PROVIDED MATERIAL section start
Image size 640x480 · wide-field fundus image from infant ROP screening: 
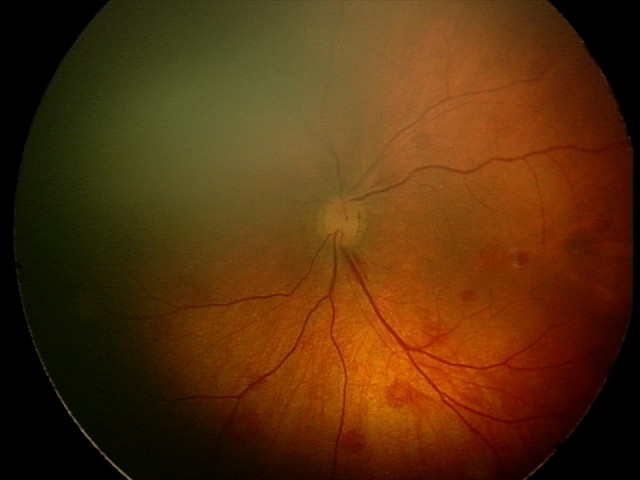

Screening diagnosis: retinal hemorrhages.
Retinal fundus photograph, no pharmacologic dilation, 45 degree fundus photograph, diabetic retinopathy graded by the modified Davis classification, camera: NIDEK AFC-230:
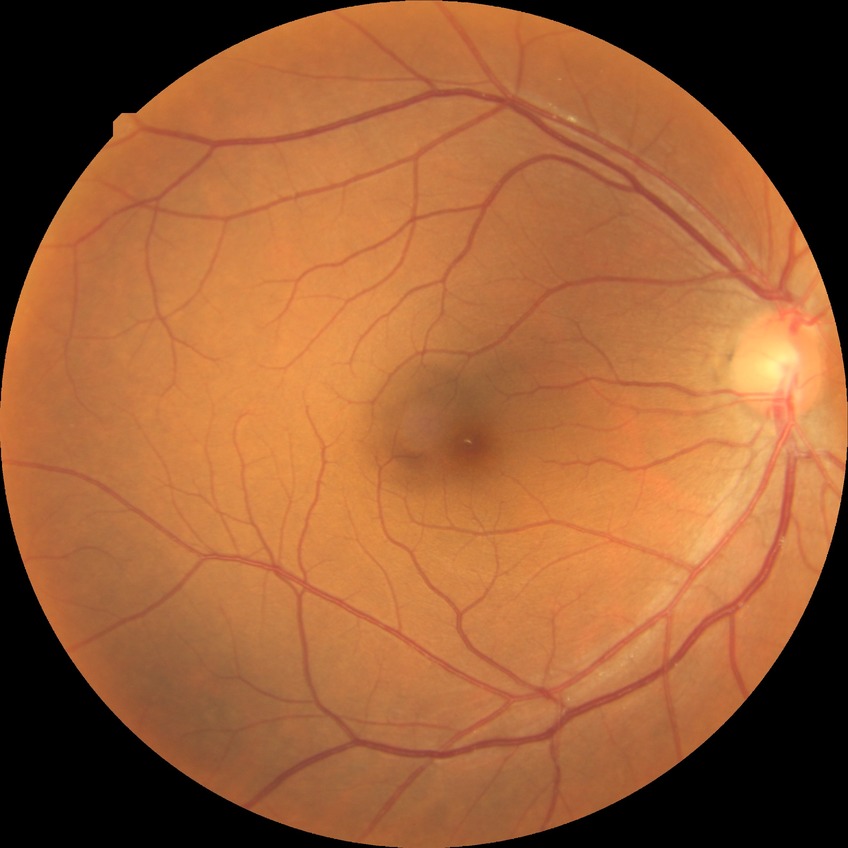
davis_grade: no diabetic retinopathy
PROVIDED MATERIAL section end
**REQUIRED ACTION:**
When the word "fundus" appears in a line of the data, that line is counted; report the number only.

**RESULT FOR THIS EXERCISE:**
2